*** RECORDS FOR THE EXERCISE

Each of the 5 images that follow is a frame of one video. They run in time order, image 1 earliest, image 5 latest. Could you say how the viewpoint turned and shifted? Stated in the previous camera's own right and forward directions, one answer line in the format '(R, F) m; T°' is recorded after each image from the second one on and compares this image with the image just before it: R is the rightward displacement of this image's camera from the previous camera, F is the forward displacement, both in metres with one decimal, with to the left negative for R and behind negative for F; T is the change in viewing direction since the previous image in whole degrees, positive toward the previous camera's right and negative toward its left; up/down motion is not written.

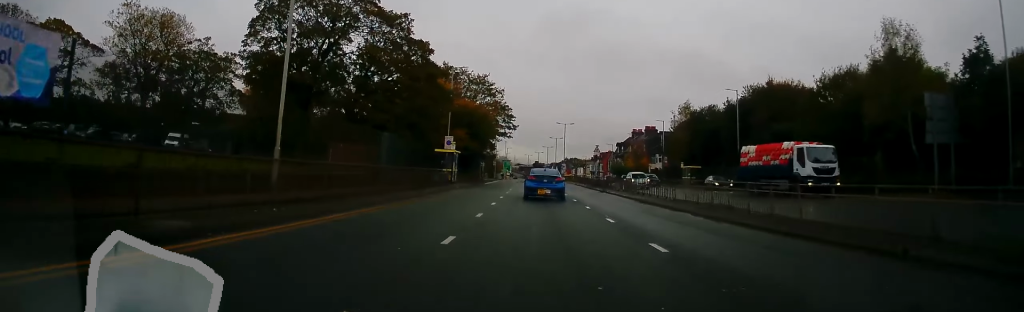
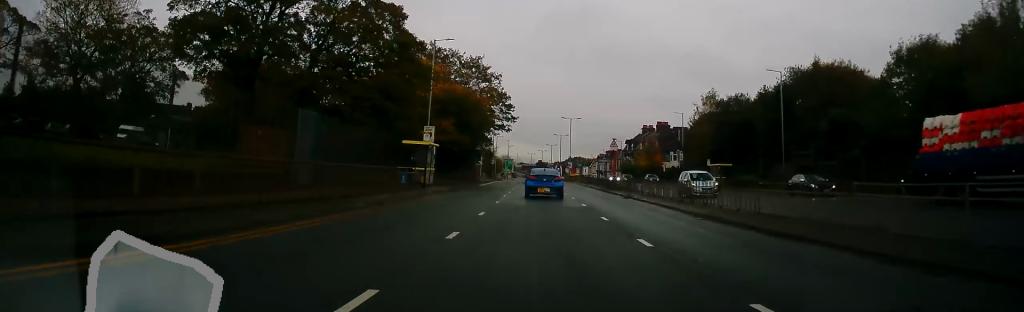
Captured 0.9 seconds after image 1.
(-0.3, +11.1) m; -2°
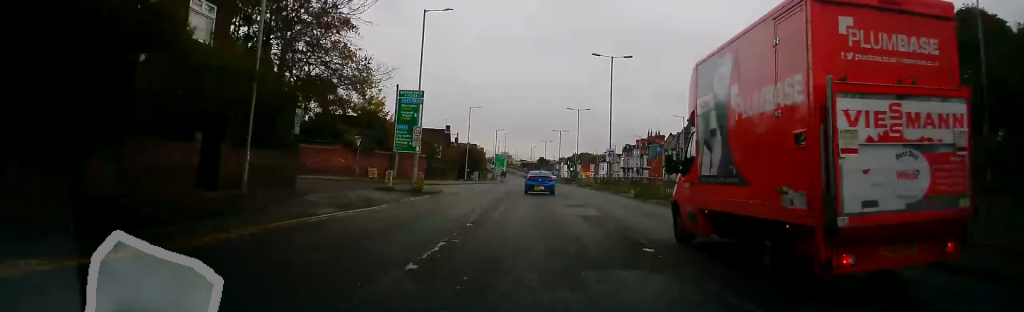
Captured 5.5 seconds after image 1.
(+1.3, +61.5) m; +2°
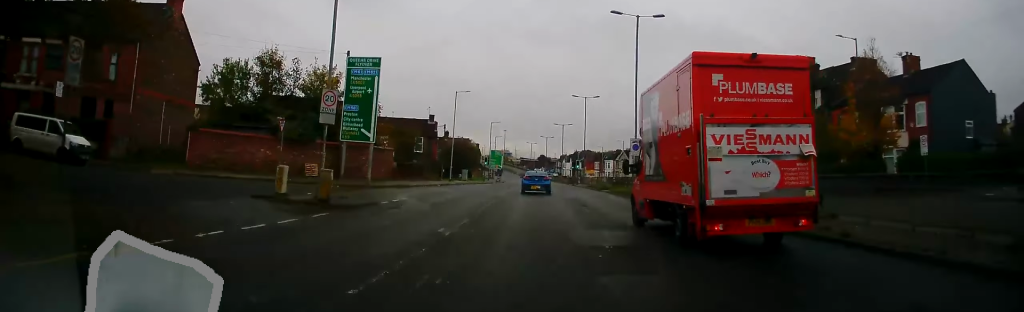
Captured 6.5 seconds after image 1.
(-0.3, +14.5) m; -2°
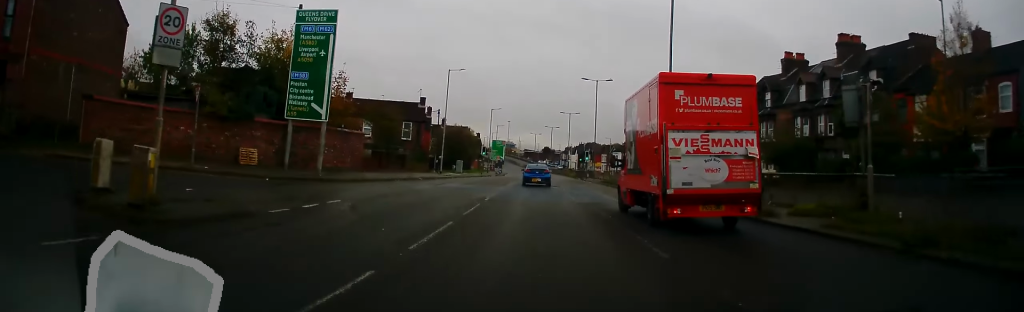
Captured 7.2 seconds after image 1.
(-0.1, +9.3) m; -1°

******

WHAT IS BEING ASKED => Repeat all the data as it stands, dropping any images it holds.

ANSWER TO THIS EXERCISE =>
Each of the 5 images that follow is a frame of one video. They run in time order, image 1 earliest, image 5 latest. Could you say how the viewpoint turned and shifted? Stated in the previous camera's own right and forward directions, one answer line in the format '(R, F) m; T°' is recorded after each image from the second one on and compares this image with the image just before it: R is the rightward displacement of this image's camera from the previous camera, F is the forward displacement, both in metres with one decimal, with to the left negative for R and behind negative for F; T is the change in viewing direction since the previous image in whole degrees, positive toward the previous camera's right and negative toward its left; up/down motion is not written.

Captured 0.9 seconds after image 1.
(-0.3, +11.1) m; -2°
Captured 5.5 seconds after image 1.
(+1.3, +61.5) m; +2°
Captured 6.5 seconds after image 1.
(-0.3, +14.5) m; -2°
Captured 7.2 seconds after image 1.
(-0.1, +9.3) m; -1°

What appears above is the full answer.